(Data extract Opens)

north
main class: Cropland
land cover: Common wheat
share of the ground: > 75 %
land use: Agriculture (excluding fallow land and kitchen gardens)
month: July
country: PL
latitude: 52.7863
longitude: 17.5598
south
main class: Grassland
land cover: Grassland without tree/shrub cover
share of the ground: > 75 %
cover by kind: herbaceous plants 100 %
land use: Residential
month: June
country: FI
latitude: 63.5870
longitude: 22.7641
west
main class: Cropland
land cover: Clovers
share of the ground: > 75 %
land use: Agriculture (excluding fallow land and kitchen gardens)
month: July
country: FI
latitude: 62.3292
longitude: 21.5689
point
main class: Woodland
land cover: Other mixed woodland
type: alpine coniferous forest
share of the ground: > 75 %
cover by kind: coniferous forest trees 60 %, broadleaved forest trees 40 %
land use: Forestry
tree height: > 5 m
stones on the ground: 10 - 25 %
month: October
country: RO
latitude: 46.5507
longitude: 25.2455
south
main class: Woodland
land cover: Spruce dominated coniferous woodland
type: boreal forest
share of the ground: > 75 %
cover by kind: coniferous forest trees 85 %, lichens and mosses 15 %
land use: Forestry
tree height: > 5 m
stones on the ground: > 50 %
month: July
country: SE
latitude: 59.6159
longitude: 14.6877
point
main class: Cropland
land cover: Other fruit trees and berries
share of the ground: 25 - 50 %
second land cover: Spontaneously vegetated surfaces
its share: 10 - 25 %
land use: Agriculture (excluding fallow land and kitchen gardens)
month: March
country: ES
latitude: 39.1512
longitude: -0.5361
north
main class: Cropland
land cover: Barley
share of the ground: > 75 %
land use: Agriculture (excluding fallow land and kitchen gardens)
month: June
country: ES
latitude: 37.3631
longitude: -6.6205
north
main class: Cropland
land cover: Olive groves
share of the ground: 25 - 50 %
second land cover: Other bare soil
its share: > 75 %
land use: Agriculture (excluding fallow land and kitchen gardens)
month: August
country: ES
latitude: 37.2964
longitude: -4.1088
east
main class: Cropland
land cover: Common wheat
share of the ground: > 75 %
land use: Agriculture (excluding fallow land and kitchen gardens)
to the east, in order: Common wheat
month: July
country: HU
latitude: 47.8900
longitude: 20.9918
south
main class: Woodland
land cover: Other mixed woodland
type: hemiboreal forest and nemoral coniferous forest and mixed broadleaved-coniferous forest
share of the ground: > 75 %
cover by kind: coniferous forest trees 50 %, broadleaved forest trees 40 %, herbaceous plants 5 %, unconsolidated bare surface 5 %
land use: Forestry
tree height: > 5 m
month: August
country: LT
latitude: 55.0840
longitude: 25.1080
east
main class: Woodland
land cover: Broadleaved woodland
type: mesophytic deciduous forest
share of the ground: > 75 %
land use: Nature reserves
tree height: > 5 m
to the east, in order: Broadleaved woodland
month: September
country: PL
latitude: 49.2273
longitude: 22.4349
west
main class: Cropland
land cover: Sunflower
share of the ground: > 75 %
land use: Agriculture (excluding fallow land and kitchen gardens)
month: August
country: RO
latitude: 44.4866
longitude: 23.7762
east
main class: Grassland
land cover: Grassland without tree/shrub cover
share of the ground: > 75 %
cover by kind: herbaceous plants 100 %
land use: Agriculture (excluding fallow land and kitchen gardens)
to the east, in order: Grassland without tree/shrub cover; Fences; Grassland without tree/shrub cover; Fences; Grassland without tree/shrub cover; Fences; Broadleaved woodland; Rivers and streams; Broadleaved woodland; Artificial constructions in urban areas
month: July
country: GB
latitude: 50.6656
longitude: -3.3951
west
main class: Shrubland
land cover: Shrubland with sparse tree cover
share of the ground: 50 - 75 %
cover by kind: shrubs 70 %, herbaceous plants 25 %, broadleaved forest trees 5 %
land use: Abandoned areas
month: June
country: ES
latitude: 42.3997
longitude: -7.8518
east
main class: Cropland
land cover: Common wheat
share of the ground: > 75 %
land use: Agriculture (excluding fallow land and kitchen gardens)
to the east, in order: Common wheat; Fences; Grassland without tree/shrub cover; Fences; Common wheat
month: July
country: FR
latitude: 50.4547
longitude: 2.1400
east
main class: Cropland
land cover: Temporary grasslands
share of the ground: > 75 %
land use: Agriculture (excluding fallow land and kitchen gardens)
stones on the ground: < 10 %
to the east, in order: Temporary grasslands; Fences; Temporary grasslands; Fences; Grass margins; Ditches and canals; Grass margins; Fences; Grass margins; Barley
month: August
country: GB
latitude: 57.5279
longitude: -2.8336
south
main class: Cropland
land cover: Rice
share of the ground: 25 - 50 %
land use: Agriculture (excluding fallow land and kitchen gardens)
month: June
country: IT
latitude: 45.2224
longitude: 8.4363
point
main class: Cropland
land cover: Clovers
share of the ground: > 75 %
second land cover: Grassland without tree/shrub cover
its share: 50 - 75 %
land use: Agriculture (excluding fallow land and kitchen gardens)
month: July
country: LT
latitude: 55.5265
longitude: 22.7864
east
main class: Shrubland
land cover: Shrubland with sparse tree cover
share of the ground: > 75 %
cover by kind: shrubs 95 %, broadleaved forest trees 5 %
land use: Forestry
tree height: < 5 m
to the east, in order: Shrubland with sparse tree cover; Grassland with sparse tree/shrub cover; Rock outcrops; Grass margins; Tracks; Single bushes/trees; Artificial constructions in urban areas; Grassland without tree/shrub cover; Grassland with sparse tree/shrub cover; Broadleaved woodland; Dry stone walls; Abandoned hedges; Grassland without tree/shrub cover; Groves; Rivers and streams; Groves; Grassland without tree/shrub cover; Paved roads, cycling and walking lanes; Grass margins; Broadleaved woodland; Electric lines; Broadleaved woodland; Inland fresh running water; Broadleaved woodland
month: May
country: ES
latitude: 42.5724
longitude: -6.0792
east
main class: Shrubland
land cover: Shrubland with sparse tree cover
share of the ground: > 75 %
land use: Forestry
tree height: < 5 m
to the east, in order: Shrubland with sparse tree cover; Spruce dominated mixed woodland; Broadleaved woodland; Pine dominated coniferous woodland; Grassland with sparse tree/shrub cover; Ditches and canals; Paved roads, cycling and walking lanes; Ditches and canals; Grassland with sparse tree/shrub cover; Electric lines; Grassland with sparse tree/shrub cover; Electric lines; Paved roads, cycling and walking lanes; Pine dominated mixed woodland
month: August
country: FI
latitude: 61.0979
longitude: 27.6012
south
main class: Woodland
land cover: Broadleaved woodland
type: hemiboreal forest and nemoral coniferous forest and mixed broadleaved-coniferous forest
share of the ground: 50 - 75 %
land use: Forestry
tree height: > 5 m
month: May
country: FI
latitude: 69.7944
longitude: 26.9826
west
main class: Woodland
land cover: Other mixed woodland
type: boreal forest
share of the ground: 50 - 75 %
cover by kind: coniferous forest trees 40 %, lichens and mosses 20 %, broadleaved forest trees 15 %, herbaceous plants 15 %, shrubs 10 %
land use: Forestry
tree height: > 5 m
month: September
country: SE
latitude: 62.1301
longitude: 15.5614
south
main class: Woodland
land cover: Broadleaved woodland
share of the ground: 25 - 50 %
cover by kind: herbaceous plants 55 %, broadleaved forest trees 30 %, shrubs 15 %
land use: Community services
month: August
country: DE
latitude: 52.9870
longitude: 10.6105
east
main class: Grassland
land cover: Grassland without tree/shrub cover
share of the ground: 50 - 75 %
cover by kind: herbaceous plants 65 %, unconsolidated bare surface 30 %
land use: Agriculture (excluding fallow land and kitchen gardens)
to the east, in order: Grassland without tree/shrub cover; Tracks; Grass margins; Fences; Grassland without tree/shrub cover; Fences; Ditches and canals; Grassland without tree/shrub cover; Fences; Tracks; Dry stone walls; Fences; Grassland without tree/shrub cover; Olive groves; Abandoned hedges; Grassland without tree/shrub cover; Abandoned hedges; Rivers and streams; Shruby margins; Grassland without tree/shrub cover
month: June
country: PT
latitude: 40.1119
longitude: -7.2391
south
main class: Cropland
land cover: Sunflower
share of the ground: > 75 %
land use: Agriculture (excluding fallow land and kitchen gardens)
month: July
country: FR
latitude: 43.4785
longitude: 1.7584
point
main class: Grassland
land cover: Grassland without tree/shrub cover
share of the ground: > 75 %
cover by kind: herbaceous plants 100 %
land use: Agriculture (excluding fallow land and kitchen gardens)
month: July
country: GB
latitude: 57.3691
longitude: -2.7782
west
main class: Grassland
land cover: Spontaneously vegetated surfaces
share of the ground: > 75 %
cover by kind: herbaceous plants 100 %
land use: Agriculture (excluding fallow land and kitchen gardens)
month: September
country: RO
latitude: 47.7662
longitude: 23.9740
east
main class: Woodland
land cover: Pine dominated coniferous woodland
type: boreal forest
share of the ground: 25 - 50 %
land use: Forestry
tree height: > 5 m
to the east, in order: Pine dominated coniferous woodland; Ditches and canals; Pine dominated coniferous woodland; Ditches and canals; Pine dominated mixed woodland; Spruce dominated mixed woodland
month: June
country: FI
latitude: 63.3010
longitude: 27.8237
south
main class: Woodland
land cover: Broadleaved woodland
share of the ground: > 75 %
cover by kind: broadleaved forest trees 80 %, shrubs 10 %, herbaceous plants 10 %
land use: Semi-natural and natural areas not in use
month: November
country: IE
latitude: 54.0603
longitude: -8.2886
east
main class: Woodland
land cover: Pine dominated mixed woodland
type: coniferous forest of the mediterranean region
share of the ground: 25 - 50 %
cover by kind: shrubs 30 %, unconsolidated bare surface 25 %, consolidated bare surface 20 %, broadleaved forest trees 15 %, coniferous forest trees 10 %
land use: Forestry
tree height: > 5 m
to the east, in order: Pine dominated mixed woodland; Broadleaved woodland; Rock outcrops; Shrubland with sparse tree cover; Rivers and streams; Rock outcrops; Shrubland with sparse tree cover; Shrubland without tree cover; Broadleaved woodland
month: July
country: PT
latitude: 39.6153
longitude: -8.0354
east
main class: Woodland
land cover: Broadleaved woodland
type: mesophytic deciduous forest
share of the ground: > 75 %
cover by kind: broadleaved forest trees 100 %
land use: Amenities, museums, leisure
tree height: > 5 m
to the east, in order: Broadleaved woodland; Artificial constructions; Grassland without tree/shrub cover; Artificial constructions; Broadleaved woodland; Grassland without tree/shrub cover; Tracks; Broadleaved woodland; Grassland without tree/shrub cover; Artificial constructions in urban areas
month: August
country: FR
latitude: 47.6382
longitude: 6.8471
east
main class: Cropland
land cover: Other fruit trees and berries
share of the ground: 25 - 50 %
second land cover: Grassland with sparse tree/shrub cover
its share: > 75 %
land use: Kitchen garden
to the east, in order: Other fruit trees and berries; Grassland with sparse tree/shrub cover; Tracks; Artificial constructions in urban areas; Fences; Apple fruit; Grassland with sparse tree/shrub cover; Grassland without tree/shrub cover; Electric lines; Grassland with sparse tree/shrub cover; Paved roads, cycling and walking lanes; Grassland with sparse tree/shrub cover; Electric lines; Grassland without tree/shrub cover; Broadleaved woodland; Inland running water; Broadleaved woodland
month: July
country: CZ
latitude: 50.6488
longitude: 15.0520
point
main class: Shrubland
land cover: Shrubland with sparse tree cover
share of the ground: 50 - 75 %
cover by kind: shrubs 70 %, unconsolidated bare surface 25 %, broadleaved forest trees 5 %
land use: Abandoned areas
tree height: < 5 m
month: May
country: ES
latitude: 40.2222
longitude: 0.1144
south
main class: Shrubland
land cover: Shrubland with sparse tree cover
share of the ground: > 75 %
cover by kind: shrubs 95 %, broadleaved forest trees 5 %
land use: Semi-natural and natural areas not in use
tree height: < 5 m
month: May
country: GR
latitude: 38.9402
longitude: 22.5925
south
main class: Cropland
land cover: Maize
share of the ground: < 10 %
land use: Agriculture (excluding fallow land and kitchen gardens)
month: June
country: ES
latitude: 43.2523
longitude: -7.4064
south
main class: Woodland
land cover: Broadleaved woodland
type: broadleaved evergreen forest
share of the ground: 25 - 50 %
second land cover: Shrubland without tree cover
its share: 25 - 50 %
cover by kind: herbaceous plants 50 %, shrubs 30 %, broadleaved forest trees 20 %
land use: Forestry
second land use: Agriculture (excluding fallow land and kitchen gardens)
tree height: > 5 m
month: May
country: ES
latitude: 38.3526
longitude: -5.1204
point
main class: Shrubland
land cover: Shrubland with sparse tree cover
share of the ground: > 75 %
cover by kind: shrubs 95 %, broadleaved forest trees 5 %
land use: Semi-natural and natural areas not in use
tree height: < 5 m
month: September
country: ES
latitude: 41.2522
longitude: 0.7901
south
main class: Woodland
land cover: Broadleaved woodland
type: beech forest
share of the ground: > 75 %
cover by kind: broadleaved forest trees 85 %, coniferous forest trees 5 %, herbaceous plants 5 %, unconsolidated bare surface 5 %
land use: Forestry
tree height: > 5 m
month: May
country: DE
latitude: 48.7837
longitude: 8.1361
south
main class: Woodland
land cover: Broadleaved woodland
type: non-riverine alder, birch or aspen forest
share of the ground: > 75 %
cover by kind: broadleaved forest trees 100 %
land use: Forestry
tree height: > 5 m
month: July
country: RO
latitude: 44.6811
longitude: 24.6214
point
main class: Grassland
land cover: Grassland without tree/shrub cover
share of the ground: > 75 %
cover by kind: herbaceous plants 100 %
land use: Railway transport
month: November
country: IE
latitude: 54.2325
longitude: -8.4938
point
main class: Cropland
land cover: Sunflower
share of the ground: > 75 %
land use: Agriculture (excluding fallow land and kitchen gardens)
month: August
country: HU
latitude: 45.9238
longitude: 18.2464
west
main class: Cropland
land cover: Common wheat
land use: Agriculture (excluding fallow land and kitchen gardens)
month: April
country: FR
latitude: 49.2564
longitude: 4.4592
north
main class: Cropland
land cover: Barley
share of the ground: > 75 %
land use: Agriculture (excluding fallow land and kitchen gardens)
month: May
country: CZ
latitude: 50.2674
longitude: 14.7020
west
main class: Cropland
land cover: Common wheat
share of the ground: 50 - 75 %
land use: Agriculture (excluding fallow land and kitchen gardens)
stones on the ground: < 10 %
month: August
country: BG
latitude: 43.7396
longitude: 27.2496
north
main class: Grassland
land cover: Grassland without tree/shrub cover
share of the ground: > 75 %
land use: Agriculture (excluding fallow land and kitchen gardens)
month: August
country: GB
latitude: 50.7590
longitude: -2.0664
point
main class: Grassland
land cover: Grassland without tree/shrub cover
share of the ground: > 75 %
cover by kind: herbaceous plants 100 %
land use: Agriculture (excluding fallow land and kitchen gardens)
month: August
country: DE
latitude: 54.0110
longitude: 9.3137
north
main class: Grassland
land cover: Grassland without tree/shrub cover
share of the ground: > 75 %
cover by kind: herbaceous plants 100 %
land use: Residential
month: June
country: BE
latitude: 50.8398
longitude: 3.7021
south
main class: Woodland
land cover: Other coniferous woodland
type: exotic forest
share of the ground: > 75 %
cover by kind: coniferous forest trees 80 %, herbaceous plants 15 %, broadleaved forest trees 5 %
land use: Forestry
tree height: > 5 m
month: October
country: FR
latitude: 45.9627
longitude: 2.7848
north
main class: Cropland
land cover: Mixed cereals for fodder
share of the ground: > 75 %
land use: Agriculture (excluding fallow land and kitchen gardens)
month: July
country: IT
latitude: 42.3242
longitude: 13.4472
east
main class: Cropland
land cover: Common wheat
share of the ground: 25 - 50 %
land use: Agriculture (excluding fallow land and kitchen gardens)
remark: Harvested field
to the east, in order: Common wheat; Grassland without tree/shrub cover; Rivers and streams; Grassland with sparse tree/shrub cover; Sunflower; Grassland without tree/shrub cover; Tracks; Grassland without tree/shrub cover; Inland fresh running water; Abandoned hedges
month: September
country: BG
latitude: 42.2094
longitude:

(Data extract Closes)

* _What needs to be done_: Please say how many lines in the records above contain the word "bare". Give the number alone.

* _Response for this exercise_: 6